[Task prompt]:
Examine each line of the data, and copy the ones containing "rect".

[Material for the task]:

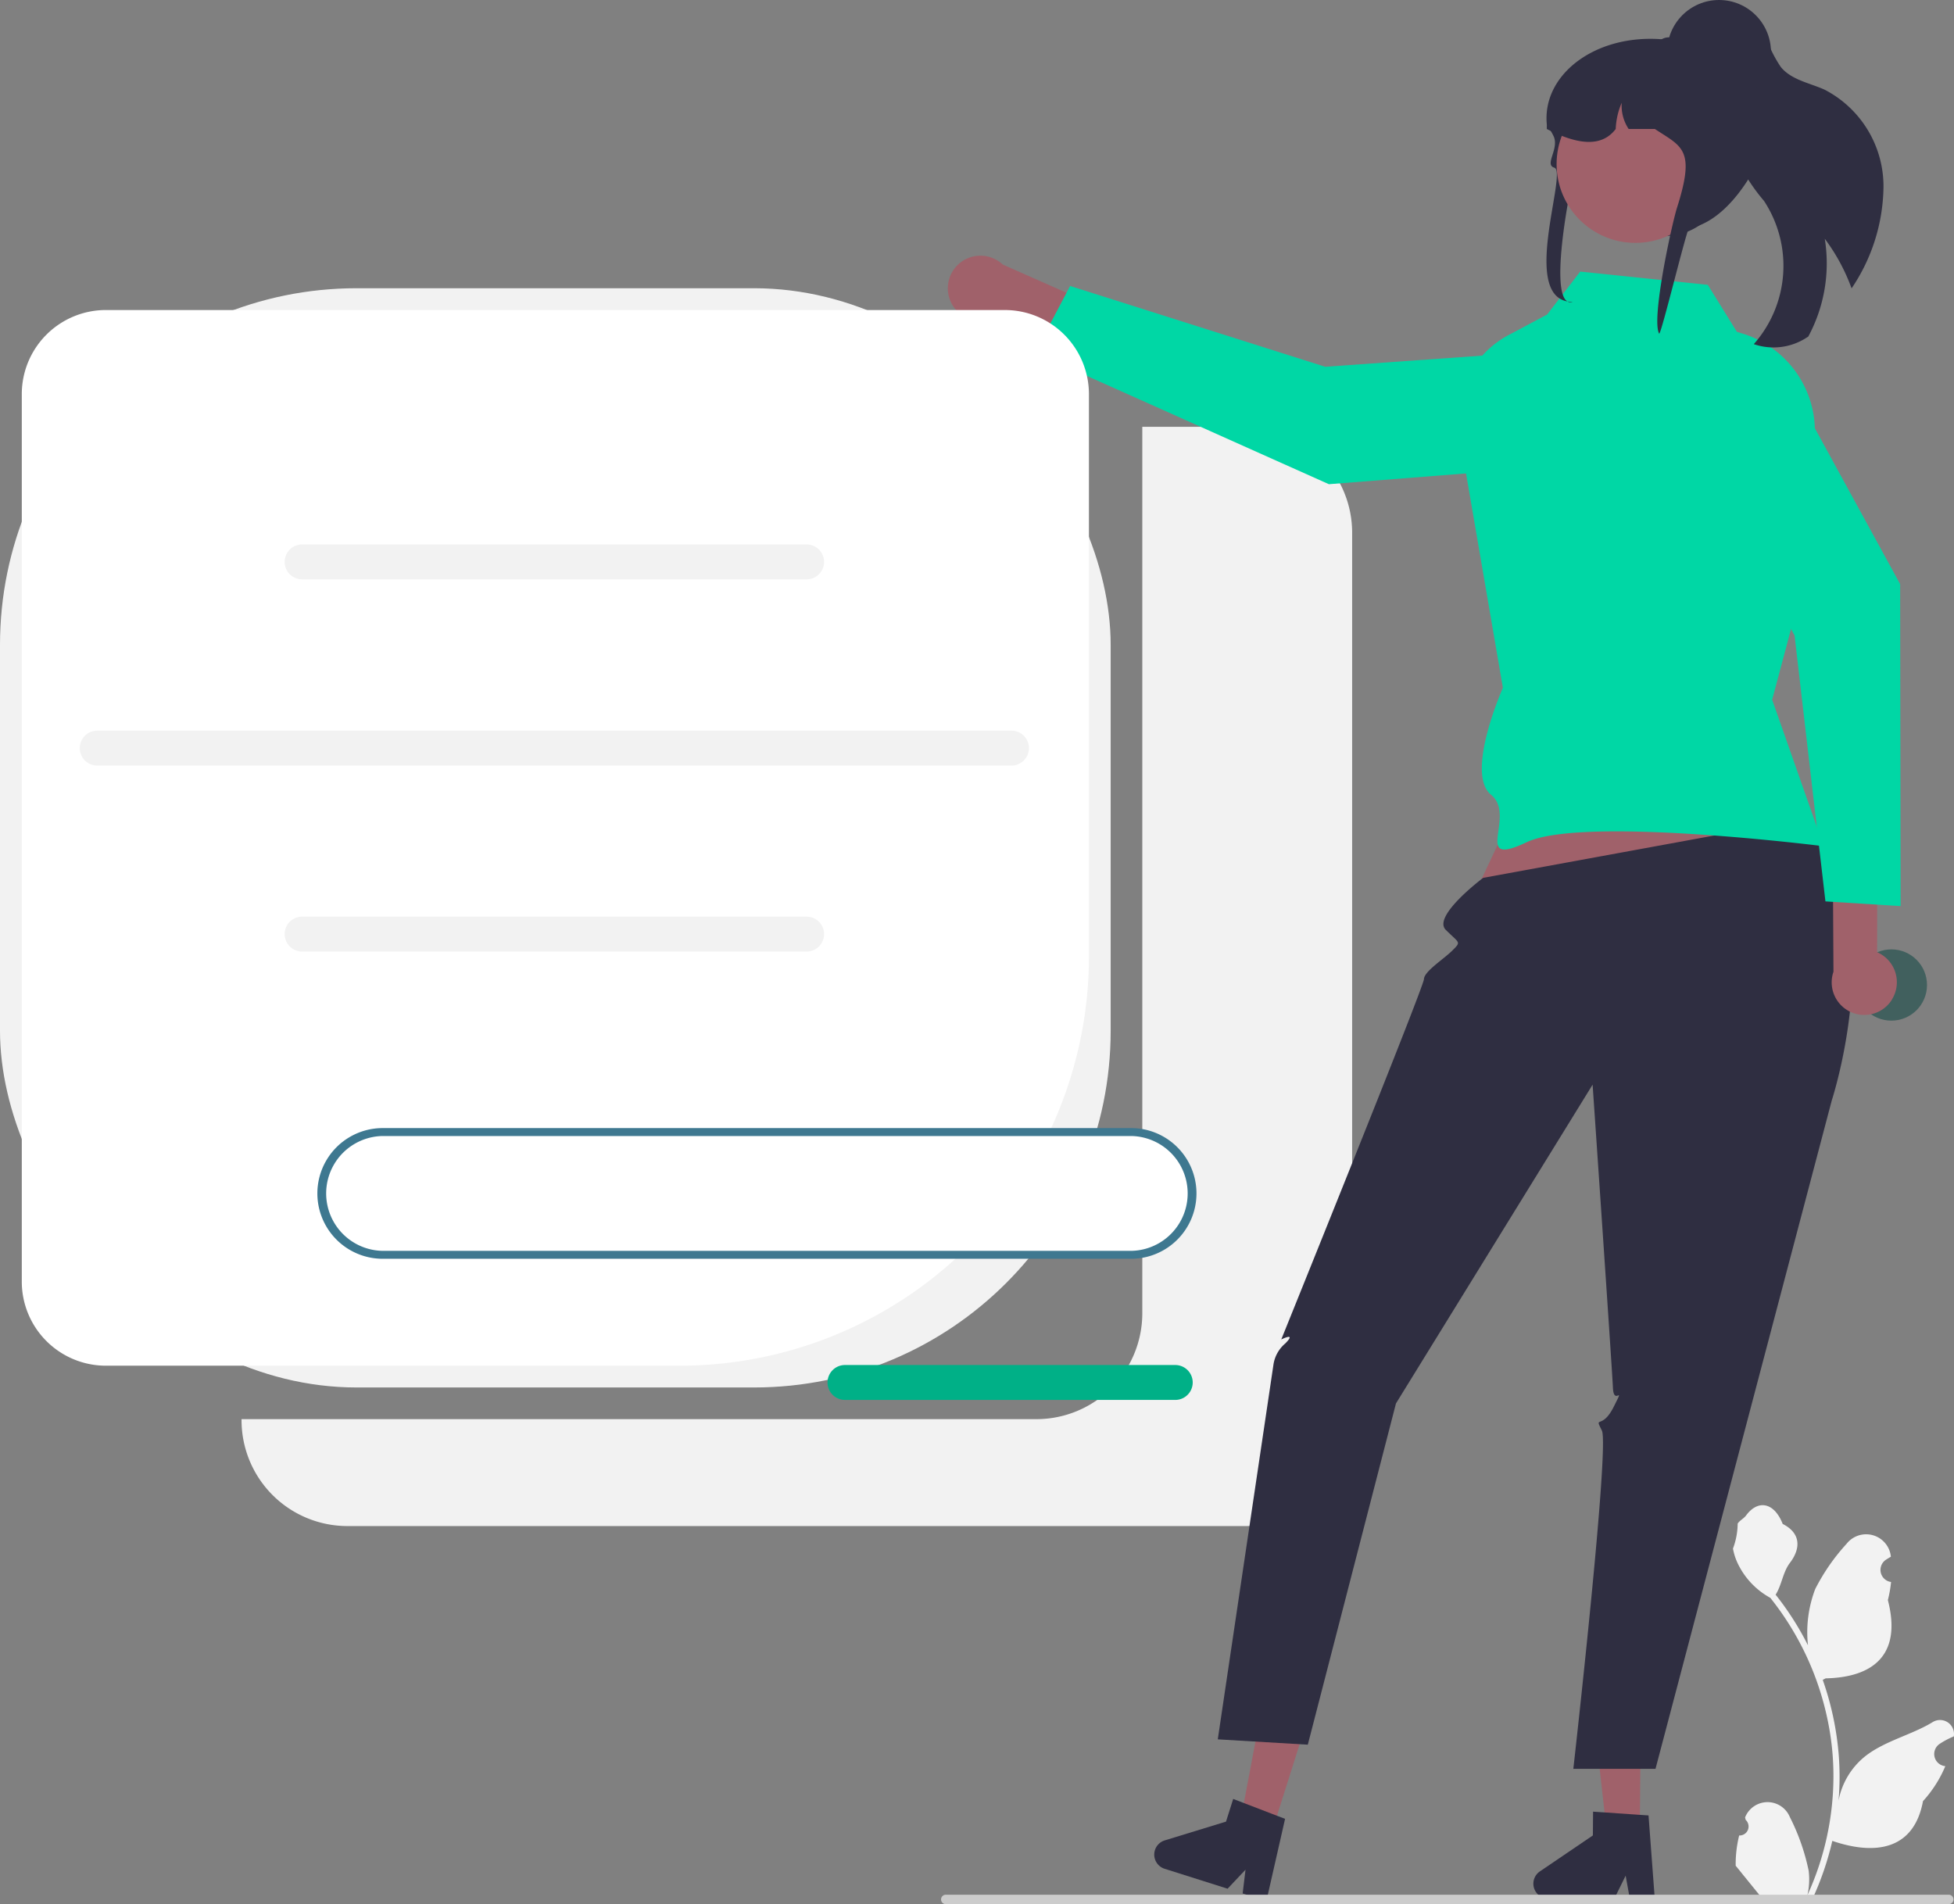 <svg id="Group_837" data-name="Group 837" xmlns="http://www.w3.org/2000/svg" width="146.527" height="142.785" viewBox="0 0 146.527 142.785">
  <rect x="0" y="0" width="146.527" height="142.785" fill="#808080" stroke="none"/>
  <path id="Path_12270" data-name="Path 12270" d="M489.615,317.365h-7.8v66.47a7.941,7.941,0,0,1-7.941,7.941H414.269v.076a7.941,7.941,0,0,0,7.941,7.941h67.4a7.941,7.941,0,0,0,7.941-7.941V325.306A7.942,7.942,0,0,0,489.615,317.365Z" transform="translate(-396.156 -285.358)" fill="#f2f2f2"/>
  <path id="Path_12271" data-name="Path 12271" d="M791.372,614.439a.674.674,0,0,0,.488-1.168l-.046-.184.018-.044a1.81,1.81,0,0,1,3.338.012,16.07,16.07,0,0,1,1.412,4.022,5.353,5.353,0,0,1-.094,1.841,21.464,21.464,0,0,0,1.952-8.914,20.721,20.721,0,0,0-.128-2.311q-.106-.944-.3-1.874a21.713,21.713,0,0,0-4.306-9.2,5.779,5.779,0,0,1-2.4-2.493,4.408,4.408,0,0,1-.4-1.2,5.44,5.44,0,0,0,.353-1.876c.163-.247.455-.37.633-.612.886-1.2,2.106-.991,2.743.641,1.361.687,1.374,1.826.539,2.921-.531.7-.6,1.64-1.07,2.386.048.061.1.121.146.182a21.849,21.849,0,0,1,2.281,3.613,9.084,9.084,0,0,1,.542-4.219,15.216,15.216,0,0,1,2.349-3.39,1.865,1.865,0,0,1,3.321.916l.005.048q-.191.108-.374.229a.914.914,0,0,0,.369,1.663l.019,0a9.1,9.1,0,0,1-.24,1.36c1.1,4.251-1.274,5.8-4.662,5.869-.075.038-.148.077-.222.113a22.308,22.308,0,0,1,1.2,5.65,21.162,21.162,0,0,1-.015,3.416l.006-.04a5.59,5.59,0,0,1,1.908-3.228c1.469-1.206,3.543-1.651,5.128-2.62a1.049,1.049,0,0,1,1.607,1.021l-.006.042a6.144,6.144,0,0,0-.688.332q-.191.108-.374.229a.914.914,0,0,0,.369,1.663l.019,0,.038.006a9.1,9.1,0,0,1-1.674,2.622c-.687,3.711-3.639,4.063-6.8,2.982h0a22.3,22.3,0,0,1-1.5,4.373h-5.351c-.019-.059-.036-.121-.054-.18a6.074,6.074,0,0,0,1.481-.088c-.4-.487-.794-.978-1.191-1.465a.349.349,0,0,1-.025-.029c-.2-.249-.4-.5-.606-.746h0a8.911,8.911,0,0,1,.261-2.269Z" transform="translate(-660.954 -476.802)" fill="#f2f2f2"/>
  <path id="Path_12272" data-name="Path 12272" d="M593.041,277.944a2.449,2.449,0,0,0,3.7.453l11.125,5.019,2.145-2.736-13.257-5.865a2.445,2.445,0,0,0-3.715,3.128Z" transform="translate(-521.56 -254.979)" fill="#a0616a"/>
  <path id="Path_12273" data-name="Path 12273" d="M656.262,286.456l1.1,6.253a2.125,2.125,0,0,1-1.926,2.487l-18.749,1.474-22.038-9.863,2.632-5,19.131,6.058Z" transform="translate(-537.037 -260.361)" fill="#00d7a5"/>
  <rect id="Rectangle_3100" data-name="Rectangle 3100" width="83.287" height="82.429" rx="26.744" transform="translate(0 21.614)" fill="#f2f2f2"/>
  <path id="Path_12274" data-name="Path 12274" d="M365.078,287.865a6.308,6.308,0,0,0-6.308,6.308v66.546a6.308,6.308,0,0,0,6.308,6.308H408.1a30.693,30.693,0,0,0,30.693-30.693V294.173a6.308,6.308,0,0,0-6.308-6.308Z" transform="translate(-357.136 -264.617)" fill="#fff"/>
  <path id="Path_12275" data-name="Path 12275" d="M464.292,349.678H426.46a1.309,1.309,0,1,1,0-2.618h37.832a1.309,1.309,0,1,1,0,2.618Z" transform="translate(-403.806 -306.235)" fill="#f2f2f2"/>
  <path id="Path_12276" data-name="Path 12276" d="M464.292,443.678H426.46a1.309,1.309,0,1,1,0-2.618h37.832a1.309,1.309,0,1,1,0,2.618Z" transform="translate(-403.806 -372.322)" fill="#f2f2f2"/>
  <path id="Path_12277" data-name="Path 12277" d="M443.281,396.708H374.723a1.309,1.309,0,1,1,0-2.618h68.558a1.309,1.309,0,0,1,0,2.618Z" transform="translate(-367.432 -339.3)" fill="#f2f2f2"/>
  <path id="Path_12278" data-name="Path 12278" d="M377.361,175.766l-6.83,14.55,26.273-2.661-5.484-13.968Z" transform="translate(-260.504 -122.112)" fill="#a0616a"/>
  <path id="Path_12279" data-name="Path 12279" d="M405.593,438.991l-2.491-.021-1.1-9.832,3.676.031Z" transform="translate(-282.628 -301.708)" fill="#a0616a"/>
  <path id="Path_12280" data-name="Path 12280" d="M740.5,672.467a1.115,1.115,0,0,0,1.1,1.123l4.953.041.867-1.757.318,1.766,1.869.017-.472-6.3-.65-.043-2.652-.183-.856-.057-.015,1.783-3.978,2.7A1.114,1.114,0,0,0,740.5,672.467Z" transform="translate(-625.515 -531.223)" fill="#2f2e41"/>
  <path id="Path_12281" data-name="Path 12281" d="M315.643,437.559l-2.375-.752,1.835-9.722,3.505,1.11Z" transform="translate(-220.245 -300.265)" fill="#a0616a"/>
  <path id="Path_12282" data-name="Path 12282" d="M644.809,667.7a1.115,1.115,0,0,0,.725,1.4l4.722,1.495,1.345-1.425-.215,1.782,1.781.565,1.4-6.161-.609-.232-2.481-.954-.8-.306-.538,1.7-4.6,1.41A1.113,1.113,0,0,0,644.809,667.7Z" transform="translate(-558.202 -528.966)" fill="#2f2e41"/>
  <path id="Path_12283" data-name="Path 12283" d="M704.584,416.522,680.7,420.9s-3.832,2.866-2.807,3.893,1.184.867.511,1.541-2.129,1.574-2.144,2.163-10.7,27.017-10.7,27.017,1.188-.594.3.3a2.575,2.575,0,0,0-.891,1.627L660.8,485.5l6.751.4,6.611-25.589,14.746-23.905s1.463,21.317,1.524,22.735.952-.364.061,1.418-1.485.594-.891,1.782-2.139,25.369-2.139,25.369h6.162l13.217-50.121S711.547,423.261,704.584,416.522Z" transform="translate(-569.481 -355.071)" fill="#2f2e41"/>
  <path id="Path_12284" data-name="Path 12284" d="M740.141,279.156l-9.569-.994-2.479,3.219-2.888,1.538a7.208,7.208,0,0,0-3.805,6.819l3.375,19.634s-2.851,6.42-.891,8.017-1.516,5.555,2.672,3.563,22.271.3,22.271.3l-3.86-10.987,2.884-10.8.317-9.052a7.669,7.669,0,0,0-5.446-7.61l-.4-.122Z" transform="translate(-612.076 -257.796)" fill="#00d7a5"/>
  <path id="Path_12285" data-name="Path 12285" d="M802.639,228.388a13.849,13.849,0,0,1-2.393,7.6,14.423,14.423,0,0,0-2.01-3.72A11.579,11.579,0,0,1,797,239.6a1.536,1.536,0,0,1-.132.085,4.545,4.545,0,0,1-3.954.485,8.867,8.867,0,0,0,.762-10.745,13.512,13.512,0,0,1-1.824-2.736c-.612-1.643-.024-3.453.348-5.166.347-1.595.408-3.492-.662-4.661a1.124,1.124,0,0,1,1.03-.474,2.127,2.127,0,0,1,1.446,1.257,9.172,9.172,0,0,0,.934,1.755c.789.955,2.133,1.18,3.266,1.684A8.163,8.163,0,0,1,802.639,228.388Z" transform="translate(-661.399 -214.364)" fill="#2f2e41"/>
  <path id="Path_12286" data-name="Path 12286" d="M590.92,688.4a.352.352,0,0,0,.353.353h75.213a.353.353,0,0,0,0-.707H591.274a.352.352,0,0,0-.353.353Z" transform="translate(-520.352 -545.966)" fill="#ccc"/>
  <circle id="Ellipse_403" data-name="Ellipse 403" cx="2.672" cy="2.672" r="2.672" transform="translate(139.159 71.191)" fill="#41605e"/>
  <path id="Path_12287" data-name="Path 12287" d="M745.985,228.956c.157-.549-.924,2.805-.4,2.866a33.05,33.05,0,0,1,7.288,2.352c.074-.009.149-.017.221-.028.177-.019.351-.048.521-.08,3.851-.729,5.332-6.644,5.332-6.7,0-.266-.638-7.57-1.644-7.678a7.411,7.411,0,0,0-.8-.043h-2.495a11.594,11.594,0,0,0-1.566-.227h0c-5.023-.383-8.983,2.679-8.613,6.4,0,0,.007.009.009.013.107.16.2.311.285.456s.149.266.208.389c.458.951-.719,2.148.061,2.372,1.038.3-2.73,10.064,1.378,10.064C743.77,239.686,745.552,230.47,745.985,228.956Z" transform="translate(-627.835 -216.474)" fill="#2f2e41"/>
  <circle id="Ellipse_404" data-name="Ellipse 404" cx="5.907" cy="5.907" r="5.907" transform="translate(116.726 6.399)" fill="#a0616a"/>
  <path id="Path_12288" data-name="Path 12288" d="M743.89,225.879c.1.052.195.1.294.147s.206.1.309.145c1.978.9,3.588,1,4.565-.292a5.463,5.463,0,0,1,.449-1.967,3.163,3.163,0,0,0,.521,1.967h1.967c2.026,1.345,3.067,1.485,1.66,5.9-.392,1.23-1.951,8.389-1.338,9.45.177-.019,2.065-7.86,2.236-7.893,3.851-.729,6.3-7.073,5.985-7.432a6.615,6.615,0,0,0-.686-2.943,6.769,6.769,0,0,0-2.572-2.8,11.923,11.923,0,0,0-2.055-.772l-.05-.013c-.217-.058-.438-.112-.659-.158a12.127,12.127,0,0,0-1.384-.21c-.033,0-.066,0-.1,0a1.044,1.044,0,0,0-.528.145s0,0,0,0a1,1,0,0,0-.294.262,1.006,1.006,0,0,0-.215.625H749.8q-.122,0-.243.006a5.873,5.873,0,0,0-5.662,5.522C743.892,225.674,743.89,225.775,743.89,225.879Z" transform="translate(-627.898 -216.207)" fill="#2f2e41"/>
  <circle id="Ellipse_405" data-name="Ellipse 405" cx="3.892" cy="3.892" r="3.892" transform="translate(125.016 0)" fill="#2f2e41"/>
  <path id="Path_12289" data-name="Path 12289" d="M820.334,422.727a2.449,2.449,0,0,0-1.1-3.562l.019-12.2-3.375-.835.083,14.5a2.445,2.445,0,0,0,4.376,2.106Z" transform="translate(-678.473 -347.761)" fill="#a0616a"/>
  <path id="Path_12290" data-name="Path 12290" d="M774.733,301.734l5.251-3.569a2.125,2.125,0,0,1,3.058.737l9.028,16.5.035,24.145-5.637-.353-2.314-19.934Z" transform="translate(-649.582 -271.601)" fill="#00d7a5"/>
  <path id="Path_12291" data-name="Path 12291" d="M495.14,495.453H439.018a4.6,4.6,0,0,0,0,9.205H495.14a4.6,4.6,0,0,0,0-9.205Z" transform="translate(-410.319 -410.564)" fill="#fff"/>
  <path id="Path_12292" data-name="Path 12292" d="M494.437,504.253H438.315a4.9,4.9,0,0,1,0-9.8h56.122a4.9,4.9,0,1,1,0,9.8Zm-56.122-9.205a4.306,4.306,0,0,0,0,8.611h56.122a4.306,4.306,0,0,0,0-8.611Z" transform="translate(-409.616 -409.861)" fill="#3e7890"/>
  <path id="Path_12293" data-name="Path 12293" d="M588.321,556.9H563.554a1.309,1.309,0,1,1,0-2.618h24.767a1.309,1.309,0,1,1,0,2.618Z" transform="translate(-500.191 -451.923)" fill="#00b087"/>
</svg>

[Your response]:
  <rect x="0" y="0" width="146.527" height="142.785" fill="#808080" stroke="none"/>
  <rect id="Rectangle_3100" data-name="Rectangle 3100" width="83.287" height="82.429" rx="26.744" transform="translate(0 21.614)" fill="#f2f2f2"/>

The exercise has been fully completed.